Carta à menina do vestido vermelho

Querida menininha,

Como tem passado? Sinto-me melhor nestes últimos dias. Há um mês você veio me ver, mas parece que faz anos, pois hoje a saudade sua me bateu fortemente.

Gosto de conversar com você e do seu olhar de borboleta quando me observa atentamente a falar as minhas palavras de velha que já não tem mais paciência para as pessoas sem corações desse mundo cruel.

Menininha, ontem queimei a minha mãe com água fervente. Aprontava-me para fazer uma xícara de café quando tomei um susto ao ver, ao longe, um pássaro azul cantar no meu jardim florido. O pássaro fez-me lembrar do azul dos seus olhos, desse olhar assustado que só você tem, desse olhar que carrega o mar dentro de si sem ondas bravas. Os meus dias têm sido tranquilos, sem novidades.

A mesma solidão de sempre, a ausência de um não-sei-o-quê dentro de mim, a dúvida em relação à existência de pessoas de bom coração e aquela vontade de retomar a costura da colcha de retalhos largada no fundo do baú há mais de dez anos.
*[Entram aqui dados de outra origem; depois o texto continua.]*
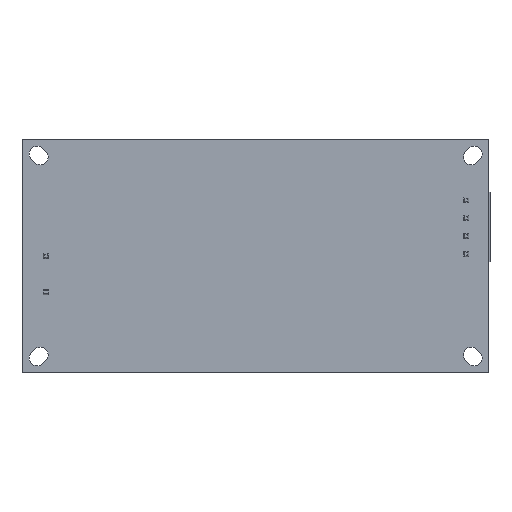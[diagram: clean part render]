
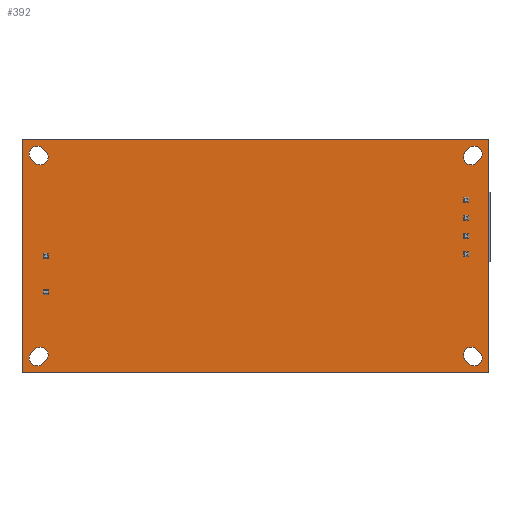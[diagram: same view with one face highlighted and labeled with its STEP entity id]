
A CAD part, front view. The second image highlights one B-rep face of the part: STEP entity #392.
In plain terms, the highlighted planar face has unit normal (0, -1, 0).
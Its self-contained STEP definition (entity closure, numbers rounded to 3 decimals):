
#1=DIRECTION('',(0.,0.,1.));
#2=VECTOR('',#1,50.8);
#3=CARTESIAN_POINT('',(-50.8,0.,-25.4));
#4=LINE('',#3,#2);
#5=DIRECTION('',(1.,0.,0.));
#6=VECTOR('',#5,101.6);
#7=CARTESIAN_POINT('',(-50.8,0.,25.4));
#8=LINE('',#7,#6);
#9=DIRECTION('',(0.,0.,-1.));
#10=VECTOR('',#9,50.8);
#11=CARTESIAN_POINT('',(50.8,0.,25.4));
#12=LINE('',#11,#10);
#13=DIRECTION('',(-1.,0.,0.));
#14=VECTOR('',#13,101.6);
#15=CARTESIAN_POINT('',(50.8,0.,-25.4));
#16=LINE('',#15,#14);
#17=DIRECTION('',(-0.715,0.,0.699));
#18=VECTOR('',#17,0.923);
#19=CARTESIAN_POINT('',(46.422,0.,-23.476));
#20=LINE('',#19,#18);
#21=CARTESIAN_POINT('',(47.63,0.,-22.24));
#22=DIRECTION('',(0.,1.,0.));
#23=DIRECTION('',(0.699,0.,0.715));
#24=AXIS2_PLACEMENT_3D('',#21,#22,#23);
#26=DIRECTION('',(0.715,0.,-0.699));
#27=VECTOR('',#26,0.923);
#28=CARTESIAN_POINT('',(48.178,0.,-20.359));
#29=LINE('',#28,#27);
#30=CARTESIAN_POINT('',(46.97,0.,-21.595));
#31=DIRECTION('',(0.,1.,0.));
#32=DIRECTION('',(-0.699,0.,-0.715));
#33=AXIS2_PLACEMENT_3D('',#30,#31,#32);
#35=CARTESIAN_POINT('',(47.63,0.,22.24));
#36=DIRECTION('',(0.,1.,0.));
#37=DIRECTION('',(-0.699,0.,0.715));
#38=AXIS2_PLACEMENT_3D('',#35,#36,#37);
#40=DIRECTION('',(0.715,0.,0.699));
#41=VECTOR('',#40,0.923);
#42=CARTESIAN_POINT('',(45.762,0.,22.831));
#43=LINE('',#42,#41);
#44=CARTESIAN_POINT('',(46.97,0.,21.595));
#45=DIRECTION('',(0.,1.,0.));
#46=DIRECTION('',(0.699,0.,-0.715));
#47=AXIS2_PLACEMENT_3D('',#44,#45,#46);
#49=DIRECTION('',(-0.715,0.,-0.699));
#50=VECTOR('',#49,0.923);
#51=CARTESIAN_POINT('',(48.838,0.,21.004));
#52=LINE('',#51,#50);
#53=CARTESIAN_POINT('',(-47.63,0.,-22.24));
#54=DIRECTION('',(0.,1.,0.));
#55=DIRECTION('',(0.699,0.,-0.715));
#56=AXIS2_PLACEMENT_3D('',#53,#54,#55);
#58=DIRECTION('',(-0.715,0.,-0.699));
#59=VECTOR('',#58,0.923);
#60=CARTESIAN_POINT('',(-45.762,0.,-22.831));
#61=LINE('',#60,#59);
#62=CARTESIAN_POINT('',(-46.97,0.,-21.595));
#63=DIRECTION('',(0.,1.,0.));
#64=DIRECTION('',(-0.699,0.,0.715));
#65=AXIS2_PLACEMENT_3D('',#62,#63,#64);
#67=DIRECTION('',(0.715,0.,0.699));
#68=VECTOR('',#67,0.923);
#69=CARTESIAN_POINT('',(-48.838,0.,-21.004));
#70=LINE('',#69,#68);
#71=DIRECTION('',(0.715,0.,-0.699));
#72=VECTOR('',#71,0.923);
#73=CARTESIAN_POINT('',(-46.422,0.,23.476));
#74=LINE('',#73,#72);
#75=CARTESIAN_POINT('',(-47.63,0.,22.24));
#76=DIRECTION('',(0.,1.,0.));
#77=DIRECTION('',(-0.699,0.,-0.715));
#78=AXIS2_PLACEMENT_3D('',#75,#76,#77);
#80=DIRECTION('',(-0.715,0.,0.699));
#81=VECTOR('',#80,0.923);
#82=CARTESIAN_POINT('',(-48.178,0.,20.359));
#83=LINE('',#82,#81);
#84=CARTESIAN_POINT('',(-46.97,0.,21.595));
#85=DIRECTION('',(0.,1.,0.));
#86=DIRECTION('',(0.699,0.,0.715));
#87=AXIS2_PLACEMENT_3D('',#84,#85,#86);
#257=CARTESIAN_POINT('',(-50.8,0.,-25.4));
#258=CARTESIAN_POINT('',(-50.8,0.,25.4));
#259=VERTEX_POINT('',#257);
#260=VERTEX_POINT('',#258);
#261=CARTESIAN_POINT('',(50.8,0.,25.4));
#262=VERTEX_POINT('',#261);
#263=CARTESIAN_POINT('',(50.8,0.,-25.4));
#264=VERTEX_POINT('',#263);
#273=CARTESIAN_POINT('',(46.422,0.,-23.476));
#274=CARTESIAN_POINT('',(45.762,0.,-22.831));
#275=VERTEX_POINT('',#273);
#276=VERTEX_POINT('',#274);
#277=CARTESIAN_POINT('',(48.178,0.,-20.359));
#278=VERTEX_POINT('',#277);
#279=CARTESIAN_POINT('',(48.838,0.,-21.004));
#280=VERTEX_POINT('',#279);
#281=CARTESIAN_POINT('',(46.422,0.,23.476));
#282=CARTESIAN_POINT('',(48.838,0.,21.004));
#283=VERTEX_POINT('',#281);
#284=VERTEX_POINT('',#282);
#285=CARTESIAN_POINT('',(48.178,0.,20.359));
#286=VERTEX_POINT('',#285);
#287=CARTESIAN_POINT('',(45.762,0.,22.831));
#288=VERTEX_POINT('',#287);
#289=CARTESIAN_POINT('',(-46.422,0.,-23.476));
#290=CARTESIAN_POINT('',(-48.838,0.,-21.004));
#291=VERTEX_POINT('',#289);
#292=VERTEX_POINT('',#290);
#293=CARTESIAN_POINT('',(-48.178,0.,-20.359));
#294=VERTEX_POINT('',#293);
#295=CARTESIAN_POINT('',(-45.762,0.,-22.831));
#296=VERTEX_POINT('',#295);
#297=CARTESIAN_POINT('',(-46.422,0.,23.476));
#298=CARTESIAN_POINT('',(-45.762,0.,22.831));
#299=VERTEX_POINT('',#297);
#300=VERTEX_POINT('',#298);
#301=CARTESIAN_POINT('',(-48.178,0.,20.359));
#302=VERTEX_POINT('',#301);
#303=CARTESIAN_POINT('',(-48.838,0.,21.004));
#304=VERTEX_POINT('',#303);
#337=CARTESIAN_POINT('',(0.,0.,0.));
#338=DIRECTION('',(0.,1.,0.));
#339=DIRECTION('',(1.,0.,0.));
#340=AXIS2_PLACEMENT_3D('',#337,#338,#339);
#341=PLANE('',#340);
#343=ORIENTED_EDGE('',*,*,#342,.T.);
#345=ORIENTED_EDGE('',*,*,#344,.T.);
#347=ORIENTED_EDGE('',*,*,#346,.T.);
#349=ORIENTED_EDGE('',*,*,#348,.T.);
#350=EDGE_LOOP('',(#343,#345,#347,#349));
#351=FACE_OUTER_BOUND('',#350,.F.);
#353=ORIENTED_EDGE('',*,*,#352,.F.);
#355=ORIENTED_EDGE('',*,*,#354,.F.);
#357=ORIENTED_EDGE('',*,*,#356,.F.);
#359=ORIENTED_EDGE('',*,*,#358,.F.);
#360=EDGE_LOOP('',(#353,#355,#357,#359));
#361=FACE_BOUND('',#360,.F.);
#363=ORIENTED_EDGE('',*,*,#362,.F.);
#365=ORIENTED_EDGE('',*,*,#364,.F.);
#367=ORIENTED_EDGE('',*,*,#366,.F.);
#369=ORIENTED_EDGE('',*,*,#368,.F.);
#370=EDGE_LOOP('',(#363,#365,#367,#369));
#371=FACE_BOUND('',#370,.F.);
#373=ORIENTED_EDGE('',*,*,#372,.F.);
#375=ORIENTED_EDGE('',*,*,#374,.F.);
#377=ORIENTED_EDGE('',*,*,#376,.F.);
#379=ORIENTED_EDGE('',*,*,#378,.F.);
#380=EDGE_LOOP('',(#373,#375,#377,#379));
#381=FACE_BOUND('',#380,.F.);
#383=ORIENTED_EDGE('',*,*,#382,.F.);
#385=ORIENTED_EDGE('',*,*,#384,.F.);
#387=ORIENTED_EDGE('',*,*,#386,.F.);
#389=ORIENTED_EDGE('',*,*,#388,.F.);
#390=EDGE_LOOP('',(#383,#385,#387,#389));
#391=FACE_BOUND('',#390,.F.);
#25=CIRCLE('',#24,1.728);
#34=CIRCLE('',#33,1.728);
#39=CIRCLE('',#38,1.728);
#48=CIRCLE('',#47,1.728);
#57=CIRCLE('',#56,1.728);
#66=CIRCLE('',#65,1.728);
#79=CIRCLE('',#78,1.728);
#88=CIRCLE('',#87,1.728);
#342=EDGE_CURVE('',#259,#260,#4,.T.);
#344=EDGE_CURVE('',#260,#262,#8,.T.);
#346=EDGE_CURVE('',#262,#264,#12,.T.);
#348=EDGE_CURVE('',#264,#259,#16,.T.);
#352=EDGE_CURVE('',#275,#276,#20,.T.);
#354=EDGE_CURVE('',#280,#275,#25,.T.);
#356=EDGE_CURVE('',#278,#280,#29,.T.);
#358=EDGE_CURVE('',#276,#278,#34,.T.);
#362=EDGE_CURVE('',#283,#284,#39,.T.);
#364=EDGE_CURVE('',#288,#283,#43,.T.);
#366=EDGE_CURVE('',#286,#288,#48,.T.);
#368=EDGE_CURVE('',#284,#286,#52,.T.);
#372=EDGE_CURVE('',#291,#292,#57,.T.);
#374=EDGE_CURVE('',#296,#291,#61,.T.);
#376=EDGE_CURVE('',#294,#296,#66,.T.);
#378=EDGE_CURVE('',#292,#294,#70,.T.);
#382=EDGE_CURVE('',#299,#300,#74,.T.);
#384=EDGE_CURVE('',#304,#299,#79,.T.);
#386=EDGE_CURVE('',#302,#304,#83,.T.);
#388=EDGE_CURVE('',#300,#302,#88,.T.);
#392=ADVANCED_FACE('',(#351,#361,#371,#381,#391),#341,.F.);

Parece até que estou perdida dentro da minha morada, não falo da minha casa de tijolos, mas da minha morada-ser, existência fugaz em mim, que me toma de arrebatamentos e me enche o peito de angústias a pensar nas criaturas que viraram pedras e esqueceram a bondade, a caridade, o amor. Quero salvar o pássaro azul que brinca em meu jardim do medo de ser esquecido em lugares que habitam a existência.
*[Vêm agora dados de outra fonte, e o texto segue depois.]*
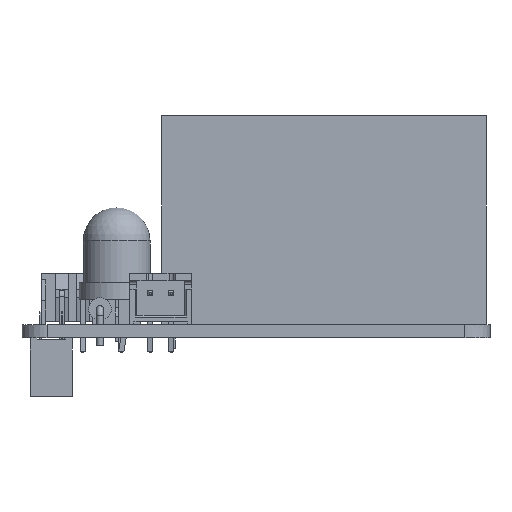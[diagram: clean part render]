
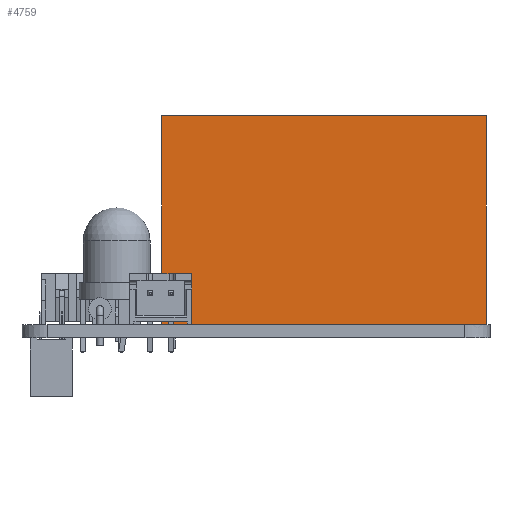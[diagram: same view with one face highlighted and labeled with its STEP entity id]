
A CAD part, left-side view. The second image highlights one B-rep face of the part: STEP entity #4759.
In plain terms, the highlighted planar face has unit normal (-1, 0, 0).
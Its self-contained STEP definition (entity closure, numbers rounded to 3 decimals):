
#4759 = ADVANCED_FACE('',(#4760),#4794,.T.);
#4760 = FACE_BOUND('',#4761,.T.);
#4761 = EDGE_LOOP('',(#4762,#4772,#4780,#4788));
#4762 = ORIENTED_EDGE('',*,*,#4763,.F.);
#4763 = EDGE_CURVE('',#4764,#4766,#4768,.T.);
#4764 = VERTEX_POINT('',#4765);
#4765 = CARTESIAN_POINT('',(10.392,15.215,0.));
#4766 = VERTEX_POINT('',#4767);
#4767 = CARTESIAN_POINT('',(10.392,54.015,0.));
#4768 = LINE('',#4769,#4770);
#4769 = CARTESIAN_POINT('',(10.392,15.215,0.));
#4770 = VECTOR('',#4771,1.);
#4771 = DIRECTION('',(0.,1.,0.));
#4772 = ORIENTED_EDGE('',*,*,#4773,.T.);
#4773 = EDGE_CURVE('',#4764,#4774,#4776,.T.);
#4774 = VERTEX_POINT('',#4775);
#4775 = CARTESIAN_POINT('',(10.392,15.215,25.));
#4776 = LINE('',#4777,#4778);
#4777 = CARTESIAN_POINT('',(10.392,15.215,0.));
#4778 = VECTOR('',#4779,1.);
#4779 = DIRECTION('',(0.,0.,1.));
#4780 = ORIENTED_EDGE('',*,*,#4781,.F.);
#4781 = EDGE_CURVE('',#4782,#4774,#4784,.T.);
#4782 = VERTEX_POINT('',#4783);
#4783 = CARTESIAN_POINT('',(10.392,54.015,25.));
#4784 = LINE('',#4785,#4786);
#4785 = CARTESIAN_POINT('',(10.392,15.215,25.));
#4786 = VECTOR('',#4787,1.);
#4787 = DIRECTION('',(0.,-1.,0.));
#4788 = ORIENTED_EDGE('',*,*,#4789,.F.);
#4789 = EDGE_CURVE('',#4766,#4782,#4790,.T.);
#4790 = LINE('',#4791,#4792);
#4791 = CARTESIAN_POINT('',(10.392,54.015,0.));
#4792 = VECTOR('',#4793,1.);
#4793 = DIRECTION('',(0.,0.,1.));
#4794 = PLANE('',#4795);
#4795 = AXIS2_PLACEMENT_3D('',#4796,#4797,#4798);
#4796 = CARTESIAN_POINT('',(10.392,54.015,0.));
#4797 = DIRECTION('',(-1.,0.,0.));
#4798 = DIRECTION('',(0.,-1.,0.));

O bolo de chocolate que me trouxe na sua última visita estava gostoso e comi quase todo quando você partiu.

Gosto de bolos com café. O café me faz parecer mais gente fora de mim, pois tenho sentido a presença de monstros ao meu redor.
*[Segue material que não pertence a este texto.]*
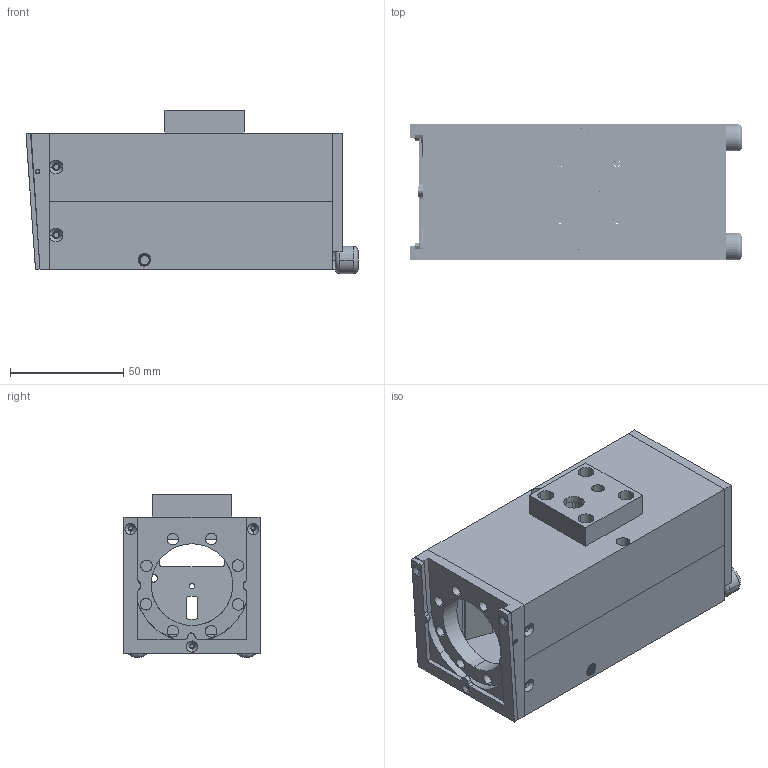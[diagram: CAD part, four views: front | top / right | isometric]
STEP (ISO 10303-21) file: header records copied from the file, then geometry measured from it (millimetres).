
FILE_DESCRIPTION(('STEP AP214'),'1');
FILE_NAME('wvs-16_mit halter_2.stp','2022-07-05T11:10:41',('Sewald'),('Labotron'),'Spatial InterOp 3D',' ',' ');
FILE_SCHEMA(('AUTOMOTIVE_DESIGN { 1 0 10303 214 1 1 1 1 }'));
Length unit declared in the file: inch
Products named in the file (1): Part_328894
Bounding box: 146.36 x 60 x 72 mm (x, y, z)
Volume: 185890.8 mm3; surface area: 91944.2 mm2
Topology: 9 solids, 9 shells, 895 faces, 2527 edges, 1666 vertices
Faces by surface type: cylinder 619, plane 150, bspline 82, cone 36, torus 8
Entity records: 215299 total; most frequent: CARTESIAN_POINT 178827, ORIENTED_EDGE 5014, DIRECTION 3563, EDGE_CURVE 2507, STYLED_ITEM 2483, PRESENTATION_STYLE_ASSIGNMENT 2483, COLOUR_RGB 2483, VERTEX_POINT 1656

Monstros da ignorância e da insensatez humana que descobriram a estrada da minha morada. Menininha, a casa está cheia de poeira e há num porta-retratos a nossa foto juntas. Estou abraçada a ele neste momento. Tenho o seu sorriso nos meus braços. Você que gosta de sorrir e dá bom dia à vida.

Você que não se assusta com os monstros das madrugadas, porque no seu quarto de dormir vivem anjos que a protegem. Como eu queria ter um anjo protetor! Sabe, menininha, chega uma hora na vida que é melhor pintar telas com os dedos e rabiscar a areia com pincéis de madeira. Faz dias que tenho procurado, em vão, pintar o seu sorriso. Você que é doce igual ao mel.

Preciso parar de escrever. A noite vem caindo e tenho que tirar a roupa do varal. Lavei roupa hoje cedo. As roupas gostam de sabão que cicatrizam a sujeira de dizer-se não à solidão de serem largadas ao léu, quando já não servem mais para vestirem o corpo, pois têm o cheiro de cansaço. Ninguém quer cansar-se. Todos querem fôlego para descobrirem novas ruas dentro e fora de si. Vou indo, menininha. Fique com Deus. Venha me visitar sempre que puder.

Um abraço,

Rosângela Trajano.

Observação: Gosto de escrever cartas para pessoas imaginárias. Criei esse personagem e tenho escrito cartas filosóficas para ela. “Menina do vestido vermelho” representa todas as crianças deste querido Brasil.